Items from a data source
►
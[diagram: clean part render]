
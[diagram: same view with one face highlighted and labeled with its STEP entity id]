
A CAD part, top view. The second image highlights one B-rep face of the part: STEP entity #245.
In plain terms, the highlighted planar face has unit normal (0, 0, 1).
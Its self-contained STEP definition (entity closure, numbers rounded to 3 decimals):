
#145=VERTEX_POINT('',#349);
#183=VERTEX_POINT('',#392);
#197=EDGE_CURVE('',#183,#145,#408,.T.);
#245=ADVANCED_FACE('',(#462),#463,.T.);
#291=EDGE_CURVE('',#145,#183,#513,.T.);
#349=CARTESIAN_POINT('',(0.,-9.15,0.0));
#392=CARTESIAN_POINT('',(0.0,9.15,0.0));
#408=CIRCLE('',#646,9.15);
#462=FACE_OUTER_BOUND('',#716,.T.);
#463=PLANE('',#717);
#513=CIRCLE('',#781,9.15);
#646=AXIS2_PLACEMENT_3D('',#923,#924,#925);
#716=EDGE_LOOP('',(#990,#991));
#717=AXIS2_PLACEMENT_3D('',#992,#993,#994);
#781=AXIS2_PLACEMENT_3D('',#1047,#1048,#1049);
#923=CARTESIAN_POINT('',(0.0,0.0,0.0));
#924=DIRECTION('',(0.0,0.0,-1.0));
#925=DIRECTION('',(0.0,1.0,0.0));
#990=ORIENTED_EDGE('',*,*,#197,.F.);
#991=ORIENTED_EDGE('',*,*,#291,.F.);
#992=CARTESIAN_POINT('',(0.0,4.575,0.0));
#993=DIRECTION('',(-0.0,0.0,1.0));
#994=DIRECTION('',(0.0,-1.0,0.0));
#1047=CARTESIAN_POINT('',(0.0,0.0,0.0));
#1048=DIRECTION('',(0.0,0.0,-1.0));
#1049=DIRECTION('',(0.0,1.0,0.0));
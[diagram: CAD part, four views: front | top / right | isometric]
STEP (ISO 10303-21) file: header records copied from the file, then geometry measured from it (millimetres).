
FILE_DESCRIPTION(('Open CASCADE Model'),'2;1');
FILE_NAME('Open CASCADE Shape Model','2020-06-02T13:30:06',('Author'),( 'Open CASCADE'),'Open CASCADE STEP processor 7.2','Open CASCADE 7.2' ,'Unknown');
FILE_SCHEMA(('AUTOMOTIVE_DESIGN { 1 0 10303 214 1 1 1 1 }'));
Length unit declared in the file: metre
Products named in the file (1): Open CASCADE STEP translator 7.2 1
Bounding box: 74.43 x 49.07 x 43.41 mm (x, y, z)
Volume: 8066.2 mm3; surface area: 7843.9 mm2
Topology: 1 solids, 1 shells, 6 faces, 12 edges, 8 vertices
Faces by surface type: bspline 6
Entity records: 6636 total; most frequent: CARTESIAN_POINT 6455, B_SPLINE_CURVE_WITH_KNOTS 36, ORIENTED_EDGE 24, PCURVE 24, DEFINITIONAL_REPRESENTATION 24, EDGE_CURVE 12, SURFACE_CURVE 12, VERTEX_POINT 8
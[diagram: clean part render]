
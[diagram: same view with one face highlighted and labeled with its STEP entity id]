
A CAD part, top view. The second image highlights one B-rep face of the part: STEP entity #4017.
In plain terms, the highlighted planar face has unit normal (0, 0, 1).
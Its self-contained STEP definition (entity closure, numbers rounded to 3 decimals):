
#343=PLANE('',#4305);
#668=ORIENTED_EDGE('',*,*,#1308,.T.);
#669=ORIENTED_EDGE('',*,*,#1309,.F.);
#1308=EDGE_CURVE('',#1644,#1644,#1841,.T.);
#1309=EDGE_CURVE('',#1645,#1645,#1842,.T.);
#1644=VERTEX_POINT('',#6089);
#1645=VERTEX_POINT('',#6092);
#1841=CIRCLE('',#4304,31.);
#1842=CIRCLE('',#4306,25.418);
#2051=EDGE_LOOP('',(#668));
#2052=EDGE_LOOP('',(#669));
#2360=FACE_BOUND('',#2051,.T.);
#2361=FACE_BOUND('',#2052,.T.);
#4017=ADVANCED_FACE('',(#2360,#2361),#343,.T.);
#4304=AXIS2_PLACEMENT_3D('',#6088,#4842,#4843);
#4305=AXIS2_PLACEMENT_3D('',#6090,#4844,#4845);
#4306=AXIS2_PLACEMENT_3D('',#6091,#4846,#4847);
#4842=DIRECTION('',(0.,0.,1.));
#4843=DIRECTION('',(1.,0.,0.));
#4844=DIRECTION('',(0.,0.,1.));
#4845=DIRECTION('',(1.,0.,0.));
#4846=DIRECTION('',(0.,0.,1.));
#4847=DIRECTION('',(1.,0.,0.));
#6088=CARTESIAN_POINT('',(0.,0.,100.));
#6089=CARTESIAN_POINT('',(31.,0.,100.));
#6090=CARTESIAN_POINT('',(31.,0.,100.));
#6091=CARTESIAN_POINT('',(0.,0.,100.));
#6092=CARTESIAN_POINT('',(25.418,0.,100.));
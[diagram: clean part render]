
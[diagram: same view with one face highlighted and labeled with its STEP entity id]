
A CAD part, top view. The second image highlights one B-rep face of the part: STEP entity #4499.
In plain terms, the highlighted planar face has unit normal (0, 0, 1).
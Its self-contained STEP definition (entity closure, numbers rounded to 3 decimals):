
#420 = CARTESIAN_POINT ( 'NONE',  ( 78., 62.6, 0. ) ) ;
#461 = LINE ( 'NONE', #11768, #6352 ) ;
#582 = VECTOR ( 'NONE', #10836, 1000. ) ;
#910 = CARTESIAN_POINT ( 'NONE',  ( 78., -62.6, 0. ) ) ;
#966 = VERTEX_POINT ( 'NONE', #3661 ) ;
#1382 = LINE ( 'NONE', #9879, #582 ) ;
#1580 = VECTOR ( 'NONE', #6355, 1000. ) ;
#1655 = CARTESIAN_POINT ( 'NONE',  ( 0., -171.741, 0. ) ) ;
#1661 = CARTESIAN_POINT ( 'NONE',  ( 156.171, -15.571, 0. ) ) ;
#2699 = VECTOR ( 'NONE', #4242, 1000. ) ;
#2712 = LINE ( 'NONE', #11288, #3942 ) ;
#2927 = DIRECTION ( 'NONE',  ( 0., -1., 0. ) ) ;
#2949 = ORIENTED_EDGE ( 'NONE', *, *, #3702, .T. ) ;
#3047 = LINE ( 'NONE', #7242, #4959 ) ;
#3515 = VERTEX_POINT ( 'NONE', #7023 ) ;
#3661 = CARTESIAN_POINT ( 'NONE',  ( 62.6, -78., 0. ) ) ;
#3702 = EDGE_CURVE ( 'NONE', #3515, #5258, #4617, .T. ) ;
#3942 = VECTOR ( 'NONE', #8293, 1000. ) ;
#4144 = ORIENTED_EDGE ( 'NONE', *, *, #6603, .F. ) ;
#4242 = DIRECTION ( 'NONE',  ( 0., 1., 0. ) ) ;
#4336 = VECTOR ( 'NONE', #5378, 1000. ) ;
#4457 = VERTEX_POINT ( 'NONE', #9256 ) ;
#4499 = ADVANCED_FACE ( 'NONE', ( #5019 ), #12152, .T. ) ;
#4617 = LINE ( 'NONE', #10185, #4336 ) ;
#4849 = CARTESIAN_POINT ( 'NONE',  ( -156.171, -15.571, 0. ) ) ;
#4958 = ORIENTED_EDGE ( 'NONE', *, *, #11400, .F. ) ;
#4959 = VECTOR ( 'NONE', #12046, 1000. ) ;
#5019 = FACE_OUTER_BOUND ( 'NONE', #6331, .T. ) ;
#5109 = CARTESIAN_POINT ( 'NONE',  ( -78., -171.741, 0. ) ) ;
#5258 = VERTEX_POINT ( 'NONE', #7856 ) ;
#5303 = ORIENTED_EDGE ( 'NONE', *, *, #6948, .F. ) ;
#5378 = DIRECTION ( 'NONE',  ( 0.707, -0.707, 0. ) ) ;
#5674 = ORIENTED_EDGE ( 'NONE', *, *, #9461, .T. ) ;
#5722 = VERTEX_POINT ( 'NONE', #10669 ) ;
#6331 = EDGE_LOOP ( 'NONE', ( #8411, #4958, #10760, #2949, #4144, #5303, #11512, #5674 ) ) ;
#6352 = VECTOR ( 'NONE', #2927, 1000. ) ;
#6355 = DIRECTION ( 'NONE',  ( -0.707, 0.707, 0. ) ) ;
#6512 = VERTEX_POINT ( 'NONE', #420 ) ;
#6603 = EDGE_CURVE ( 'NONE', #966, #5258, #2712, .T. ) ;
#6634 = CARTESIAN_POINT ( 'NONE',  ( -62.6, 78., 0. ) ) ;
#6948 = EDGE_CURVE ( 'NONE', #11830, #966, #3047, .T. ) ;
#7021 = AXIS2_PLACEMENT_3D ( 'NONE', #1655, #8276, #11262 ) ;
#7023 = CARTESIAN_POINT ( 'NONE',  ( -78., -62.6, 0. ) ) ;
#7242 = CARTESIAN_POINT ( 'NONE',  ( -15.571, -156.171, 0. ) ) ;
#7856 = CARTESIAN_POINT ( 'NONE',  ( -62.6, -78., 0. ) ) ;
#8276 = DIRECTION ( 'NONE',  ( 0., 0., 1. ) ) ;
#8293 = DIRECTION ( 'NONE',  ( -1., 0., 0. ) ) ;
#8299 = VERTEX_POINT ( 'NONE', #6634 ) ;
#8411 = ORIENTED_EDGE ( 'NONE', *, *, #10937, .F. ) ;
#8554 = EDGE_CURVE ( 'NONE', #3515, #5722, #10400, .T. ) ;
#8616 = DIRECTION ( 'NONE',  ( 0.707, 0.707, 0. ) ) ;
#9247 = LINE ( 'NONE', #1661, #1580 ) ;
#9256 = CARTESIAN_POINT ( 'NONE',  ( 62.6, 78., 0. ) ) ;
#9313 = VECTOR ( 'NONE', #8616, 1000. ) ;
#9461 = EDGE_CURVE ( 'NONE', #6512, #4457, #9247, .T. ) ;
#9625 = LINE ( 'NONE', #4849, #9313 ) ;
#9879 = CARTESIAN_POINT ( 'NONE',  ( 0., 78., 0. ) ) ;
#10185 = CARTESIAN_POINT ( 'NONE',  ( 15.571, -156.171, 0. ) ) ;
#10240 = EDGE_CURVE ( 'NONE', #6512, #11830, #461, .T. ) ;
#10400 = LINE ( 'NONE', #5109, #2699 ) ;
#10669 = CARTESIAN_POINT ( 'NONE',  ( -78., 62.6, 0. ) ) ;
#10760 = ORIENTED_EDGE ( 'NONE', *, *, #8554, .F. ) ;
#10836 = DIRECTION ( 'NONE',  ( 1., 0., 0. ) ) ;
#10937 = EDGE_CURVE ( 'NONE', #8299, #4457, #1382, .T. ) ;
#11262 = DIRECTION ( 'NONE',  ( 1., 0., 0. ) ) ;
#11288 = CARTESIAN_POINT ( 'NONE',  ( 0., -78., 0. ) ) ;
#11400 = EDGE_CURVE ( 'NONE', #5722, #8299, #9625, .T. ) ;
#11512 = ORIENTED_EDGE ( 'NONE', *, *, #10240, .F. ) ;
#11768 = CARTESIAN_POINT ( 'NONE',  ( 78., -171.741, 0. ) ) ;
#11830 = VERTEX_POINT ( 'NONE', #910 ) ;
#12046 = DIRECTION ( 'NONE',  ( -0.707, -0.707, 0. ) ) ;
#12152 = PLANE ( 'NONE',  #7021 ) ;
◄
=== TASK DETAILS ===
Your task is to restate, word for word, the lines from the beginning of the records to the line with "#513=CIRCLE('',#781,9.15);", inclusive.

=== WRITTEN SOLUTION ===
[diagram: clean part render]
[diagram: same view with one face highlighted and labeled with its STEP entity id]
A CAD part, top view. The second image highlights one B-rep face of the part: STEP entity #245.
In plain terms, the highlighted planar face has unit normal (0, 0, 1).
Its self-contained STEP definition (entity closure, numbers rounded to 3 decimals):
#145=VERTEX_POINT('',#349);
#183=VERTEX_POINT('',#392);
#197=EDGE_CURVE('',#183,#145,#408,.T.);
#245=ADVANCED_FACE('',(#462),#463,.T.);
#291=EDGE_CURVE('',#145,#183,#513,.T.);
#349=CARTESIAN_POINT('',(0.,-9.15,0.0));
#392=CARTESIAN_POINT('',(0.0,9.15,0.0));
#408=CIRCLE('',#646,9.15);
#462=FACE_OUTER_BOUND('',#716,.T.);
#463=PLANE('',#717);
#513=CIRCLE('',#781,9.15);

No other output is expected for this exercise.